Hört sich doch soweit ganz gut an, ich würde sagen zum bestehen wird es auf jedenfall reichen. Denn für die Herleitung gibts ja in der Regel die meisten Punkte 

Ansonsten ist es immer gut nicht einfach alleine vor seinem Buch zu hocken, sondern sich mit den Anderen "Prüflingen" zusammen zu setzen und gemeinsam das Ganze zu Besprechen.

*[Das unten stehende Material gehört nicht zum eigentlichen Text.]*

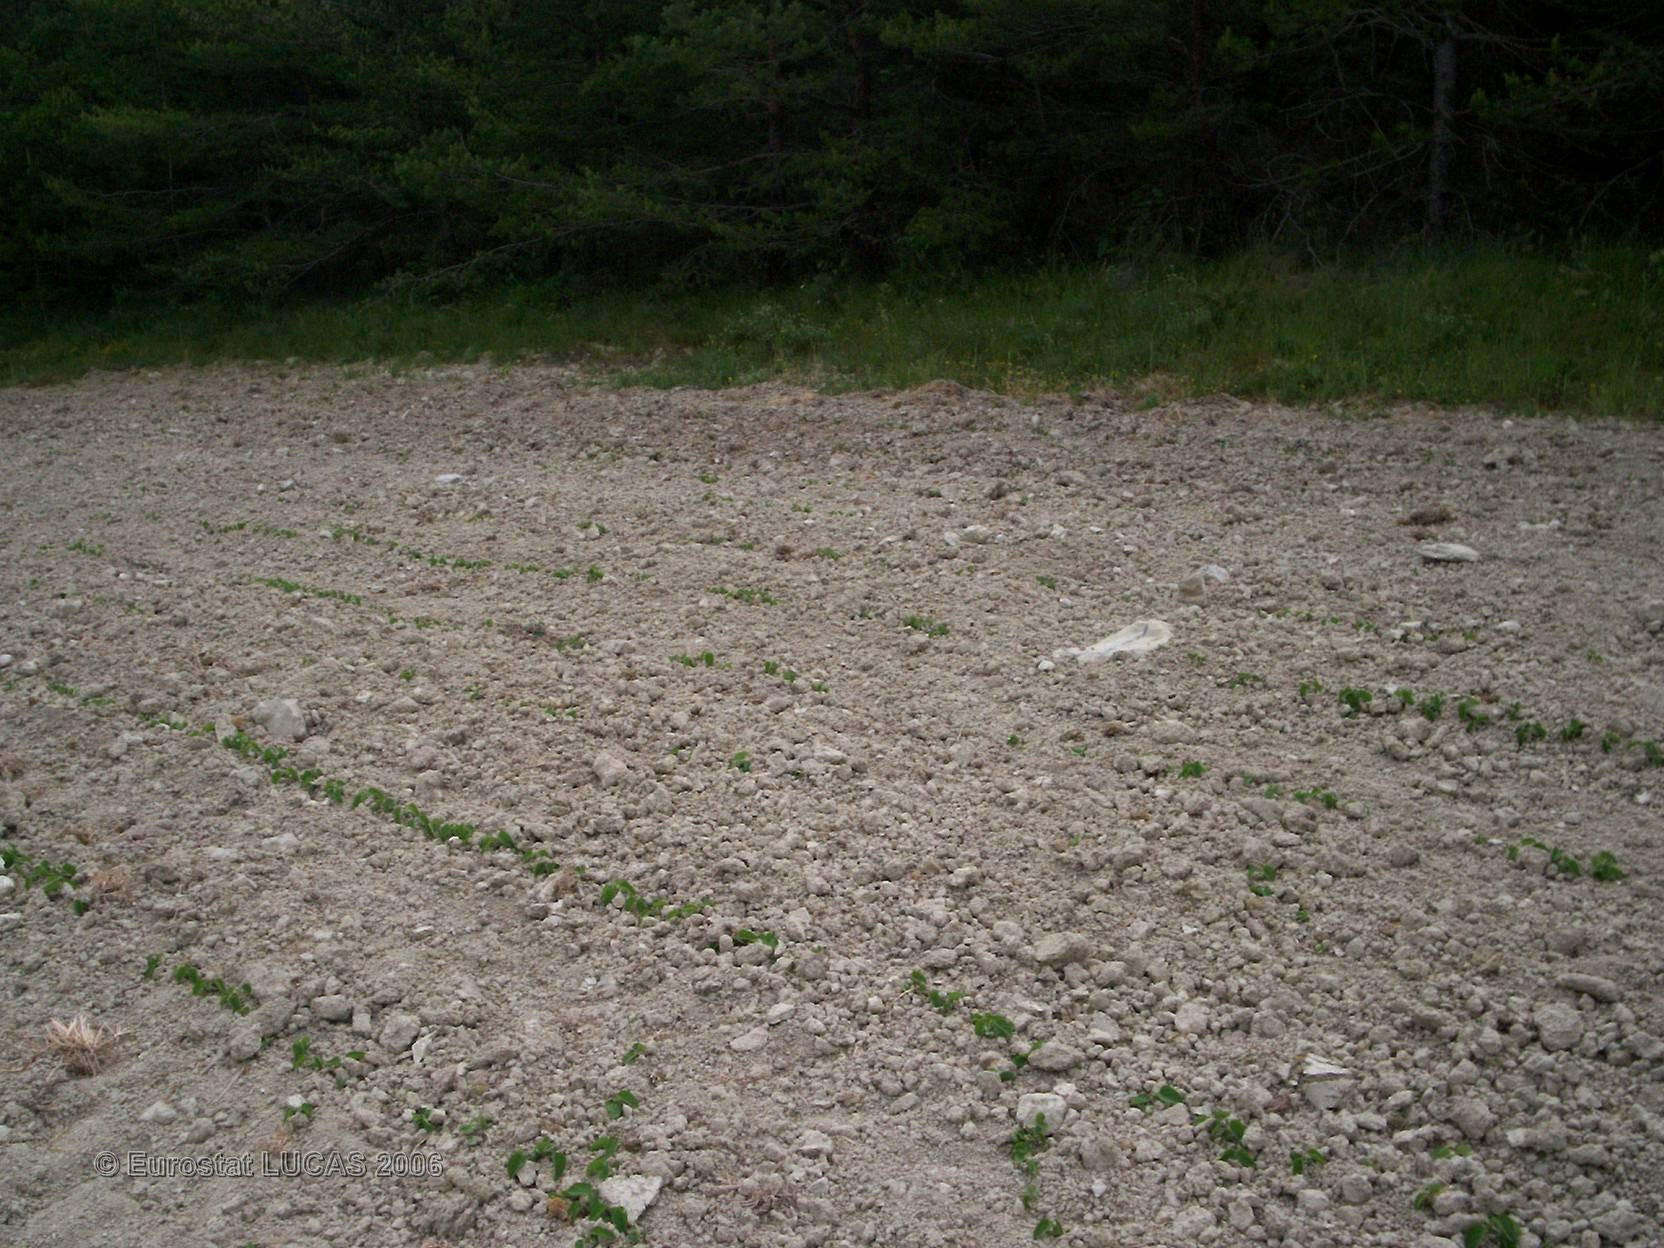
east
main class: Cropland
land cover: Soya
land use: Agriculture (excluding fallow land and kitchen gardens)
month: June
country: FR
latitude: 44.5341
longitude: 4.9354

"Wissen ist das einzige Gut welches sich vermehrt, wenn man es teilt" 

viel Glück, eYe


----------



## argv_user (23 Januar 2009)

Kayne607 schrieb:


> --> dieses 31 mal (31 Teilnehmer) 4712 Byte
> MINUS einen Inter Frame Gap (der ganz am Schluss, letzter
> Teilnehmer, weil da folgt ja kein Paket mehr, ergo, keine Pause)



Das MINUS  ist falsch, da der GAP hinter jedem Paket kommt.
Wenn Du von einer eimaligen Abfrage ausgehst stimmt das.
Dann ist es aber keine zyklische Angelegenheit mehr.

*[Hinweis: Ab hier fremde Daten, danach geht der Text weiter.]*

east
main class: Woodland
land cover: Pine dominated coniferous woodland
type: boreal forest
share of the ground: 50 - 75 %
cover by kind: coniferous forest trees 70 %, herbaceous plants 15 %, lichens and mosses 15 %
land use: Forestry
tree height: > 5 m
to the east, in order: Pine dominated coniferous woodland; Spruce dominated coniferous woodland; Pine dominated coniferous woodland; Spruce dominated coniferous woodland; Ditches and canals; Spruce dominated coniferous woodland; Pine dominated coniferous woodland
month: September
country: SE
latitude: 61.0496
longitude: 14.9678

Ist doch wohl so, dass sich die Abfrage ständig wiederholt...


----------



## Kayne607 (23 Januar 2009)

Hallo!

Ein GROBER Fehler, so denke ich, hat sich eingeschlichen.

Ich ging davon aus dass pro Zyklus nur 2 Pakete zwischen Master und Teilnehmer wandern, also 

1. Master fragt
2. Master sendet

ABER müssen es nicht 3 Pakete pro Teilnehmer sein? Also:

1. Master fragt
2. Slave Antwortet
3. Master sendet

Stimmt dies? Wenn ja muss ichs nochmal rechnen.

Danke!
MfG
Kayne607


----------



## argv_user (23 Januar 2009)

3. Kannst Du knicken, denn es geht doch nur um eine Abfrage!?


----------



## Kayne607 (23 Januar 2009)

Ah ja.

Naja Abfrage halt schon, Master fragt die 31 Stationen ab und tauscht dann Daten aus. 

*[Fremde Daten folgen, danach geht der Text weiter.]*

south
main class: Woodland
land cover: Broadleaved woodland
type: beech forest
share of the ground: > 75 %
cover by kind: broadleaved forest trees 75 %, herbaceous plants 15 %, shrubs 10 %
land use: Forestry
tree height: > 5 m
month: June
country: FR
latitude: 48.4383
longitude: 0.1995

Aber wenn er die Abfragt dann müssen die doch antworten ob sie überhaupt da sind. 

Sonst könnt der Master ja einfach so, ohne Abfrage die Daten an jeden rausschicken, oder nicht?


----------



## trinitaucher (23 Januar 2009)

Kayne607 schrieb:


> ...
> ABER müssen es nicht 3 Pakete pro Teilnehmer sein? Also:
> 
> 1. Master fragt
> ...


Wenn man die Aufgabenstellung genauer liest, müsste es so sein. Einmal die Abfrage und dann die 4 Bit Daten für jeden Slave.
Ob die Slaves daraufhin noch eine Confirmation schicken steht ja nicht in der Aufgabe ich würde es somit als Spekulation abtun.

Aber nicht 100%ig geklärt ist die Frage, ob der Master nun tatsächlich Unicast macht, also jeden Salve für sich hintereinander, oder ob er die Abfrage oder gar die Prozessdaten im Multicast sendet.
Wenn wir schon so ins Detail gehen, sollten wir hier auch mal gründlicher sein  Das hat der Aufgabensteller nämlich nicht explizit beschrieben.

Wenn es sich um ein intelligentes Protokoll handeln würde, könnte man das mit einem Frame erledigen, so wie z. B. EtherCAT das macht.... aber davon ist hier ja nicht die Rede.


----------